There are many other command-line parsers to choose from that do all the key things that clap does, with half or less the build cost, and most of them with 30x less binary overhead[0]. argh is under 4kloc. gumdrop is under 2kloc. pico-args is under 700loc. What is the value of that extra 10kloc? A 10% better parser?

I am not saying there is no room for a library like clap—it is, at least, a triumphant clown car of features that can handle practically any edge-case anyone ever thought of—but if I got a nickel every time I spent 15 minutes replacing a trivial use of clap with pico-args and thus reduced the binary size and compile time of some project by at least 80%, I would have at least three nickels.

Just to try to pre-empt arguments like “disk space is cheap”, “compiler time is cheaper than human time”, etc.: there are no golden bullets in engineering, only trade-offs.

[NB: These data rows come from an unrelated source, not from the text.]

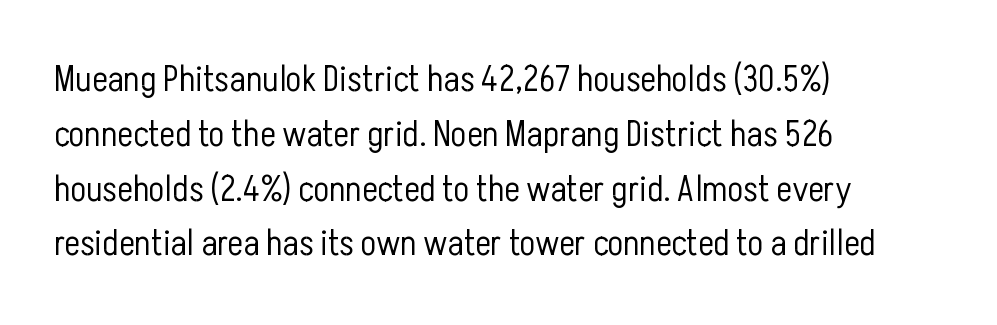
Q: Is the text bold? A: No.
Q: Is the text italic (slanted)? A: No, it is upright.
Q: Is the typeface a serif or a sans-serif typeface? A: Sans-serif.
Q: Is the text underlined? A: No.
Q: How is the paragraph aligned? A: Left-aligned.
Q: Is the spacing between letters normal or unusually wide? A: Normal.
Q: Is the spacing between lines tight, normal or loose? A: Normal.
Q: Width (condensed, normal, or wide)? A: Condensed.
Q: Stroke contrast? A: Low.
Q: x-height? A: Medium.
Q: Monospaced? A: No.

Why would you default to the biggest, slowest option? This is the “every web site must be able to scale like Facebook” type logic. You don’t even have to do more work to use argh or gumdrop. If clap ends up having some magic feature that no other parser has that you absolutely need, you can switch, but I’ve yet to ever encounter such a thing. Its inertia and popularity carry it forward, but it is perhaps the last choice you should pick for a new project—not the first.

[0] https://github.com/rosetta-rs/argparse-rosetta-rs



According to that link you posted, many of the other argument parsers don't even generate help, only one other offers multiple interfaces, and none of the others are noted as having color or suggested fixes.

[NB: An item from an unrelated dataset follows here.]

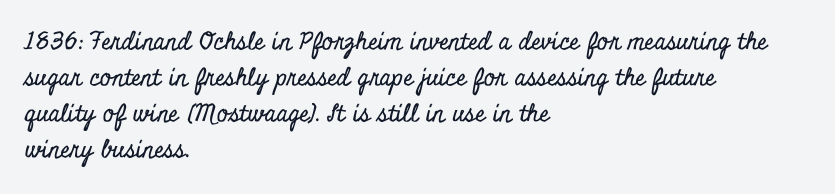
Q: Is the text italic (slanted)? A: Yes.
Q: Is the text underlined? A: No.
Q: How is the paragraph aligned? A: Left-aligned.
Q: Is the spacing between letters normal or unusually wide? A: Normal.
Q: Is the spacing between lines tight, normal or loose? A: Normal.

These aren't exactly esoteric features, and you're not going to get them for free. I'm happy to pay in space and compile time for clap to gain those features.

This isn't a case of the commandline app needing to be facebook, but rather putting the exponential gains we've made in storage space to good use providing features which should be table stakes at this point.


You’re right that there are only trade-offs in engineering. But the key to evaluating trade-offs is evaluating impact, and how long my dependencies take to compile when I first check out a repo or whether it takes 1ms or 2ms to parse my command line (if we’re even talking about something above microseconds) have no discernible impact for approximately all use-cases. If you’re making some odd CLI tool that has to run on an microcontroller with 1MB of RAM or something, fine, agonize about whether your command line parser is parsimonious enough. Otherwise you’ve abjectly failed to evaluate one of the most important trade-offs in engineering: whether something is even worth your time to think about.


> Otherwise you’ve abjectly failed to evaluate one of the most important trade-offs in engineering: whether something is even worth your time to think about.

Phew, several folks have replied to me about how it’s not worth the time thinking about these impacts at all, thus creating a paradox whereby more time has been spent thinking about writing about whether to think about it than has been spent in not thinking about it and just accepting that I wrote a reply on HN about how I feel there are more suitable command-line parsers than clap for most Rust projects! :-)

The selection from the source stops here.